My original point, again, for the FOURTH time now as that JEB SPAULDING SAID HE NEEDS $25 MILLION.  Not my statement.  My argument, which now is moot, was that EITHER WAY VSC NEEDS $25 MILLION, so find the bridge funding and take the year to regroup.  But that never fits YOUR arguments so you continue to ignore it.  

And if you actually READ what I said, you'd see that the VSC, as well as the Legislature, contemplate using a portion of the $1.2 BILLION THAT THE FEDS GAVE VERMONT to deal with COVID-19.  That's where the conversation has gone...with the condition that reforms really happen.  

While those are indeed taxes, you were once again saying that I said that the State needs to tax.  I have not said that here.  That was not my point.  Don't spin what I say.  

You have two ears and one mouth for a reason.


----------



## thetrailboss (Apr 23, 2020)

VTKilarney said:


> Talk about the pot calling the kettle black.  If neither of you can come up with a solution, and nobody in the state college system has come up with a solution, doesn't that tell you something?  Insanity is repeating the same mistakes and expecting different results.



You think that a decades-long issue is solved by one person in six days?


----------



## VTKilarney (Apr 23, 2020)

thetrailboss said:


> You think that a decades-long issue is solved by one person in six days?



No.  A decades long issue that nobody has come remotely close to solving is what it is.  People with just a little bit of common sense can see that.


----------



## VTKilarney (Apr 23, 2020)

thetrailboss said:


> Jesus Christ.  You are going back to something I quoted THREE days ago?  And even then you still DON'T get the point.  If you stopped talking for two minutes and at least TRIED to read what others said then we'd have more constructive conversations.
> 
> My original point, again, for the FOURTH time now as that JEB SPAULDING SAID HE NEEDS $25 MILLION.  Not my statement.  My argument, which now is moot, was that EITHER WAY VSC NEEDS $25 MILLION, so find the bridge funding and take the year to regroup.  But that never fits YOUR arguments so you continue to ignore it.
> 
> ...



You are honestly embarrassing yourself now.  I have explained how your argument that they might as well spend $25 million to go one more year makes no sense.  In order for it to make sense the cost of closing - or keeping open the school - would have to be zero dollars.  Anything more than that is a complete waste of money.  If you don't understand it, so be it.

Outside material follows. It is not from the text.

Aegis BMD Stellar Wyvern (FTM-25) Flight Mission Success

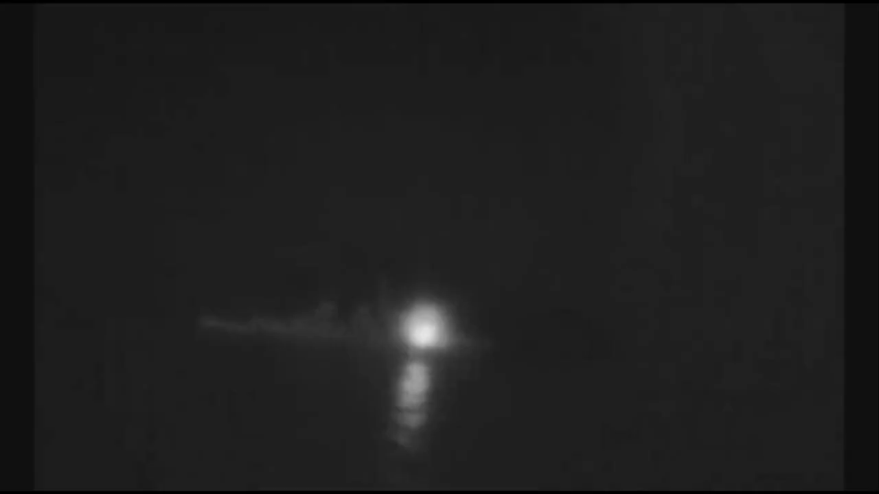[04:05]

As for the COVID-19 money, you do understand that the feds did not earmark it for the college, right?  So if it is flushed down the college drain it will most definitely cost state taxpayers money.  That's an incredibly simple concept to grasp.


----------



## thetrailboss (Apr 23, 2020)

VTKilarney said:


> You are honestly embarrassing yourself now.  I have explained how your argument that they might as well spend $25 million to go one more year makes no sense.  In order for it to make sense the cost of closing - or keeping open the school - would have to be zero dollars.  Anything more than that is a complete waste of money.  If you don't understand it, so be it.
> 
> As for the COVID-19 money, you do understand that the feds did not earmark it for the college, right?  So if it is flushed down the college drain it will most definitely cost state taxpayers money.  That's an incredibly simple concept to grasp.



I see you're going for a fifth time.  And still making up new arguments on both sides.  Honestly, it is fucking weird.  Don't you have a family to spend time with rather than fill pages upon pages of ranting in here?  

And as to the COVID-19 money, as I said, the Vermont Senate discussed that the feds gave them the $1.2 billion and that the Senate is deciding how to spend it.  And, as I said, their condition is that there be actual reform.  Whether it works or not is for another day.  That's where you have moved.  I merely repeated where things were with the process.  You just are looking to spin them into an argument for something to do.


----------



## VTKilarney (Apr 23, 2020)

thetrailboss said:


> Don't you have a family to spend time with rather than fill pages upon pages of ranting in here?


Ah, the ad hominem attack.  The calling card of a person who has no substantive argument.


----------



## thetrailboss (Apr 23, 2020)

VTKilarney said:


> Ah, the ad hominem attack.  The calling card of a person who has no substantive argument.



Because again I DON'T want to argue with you.  Frankly, nobody does.  If you cared to look you'd see that it's pretty much just you and AR talking now.  I've got other things to do than have you try to argue with me.


----------



## VTKilarney (Apr 23, 2020)

thetrailboss said:


> Because again I DON'T want to argue with you.  Frankly, nobody does.  If you cared to look you'd see that it's pretty much just you and AR talking now.  I've got other things to do than have you try to argue with me.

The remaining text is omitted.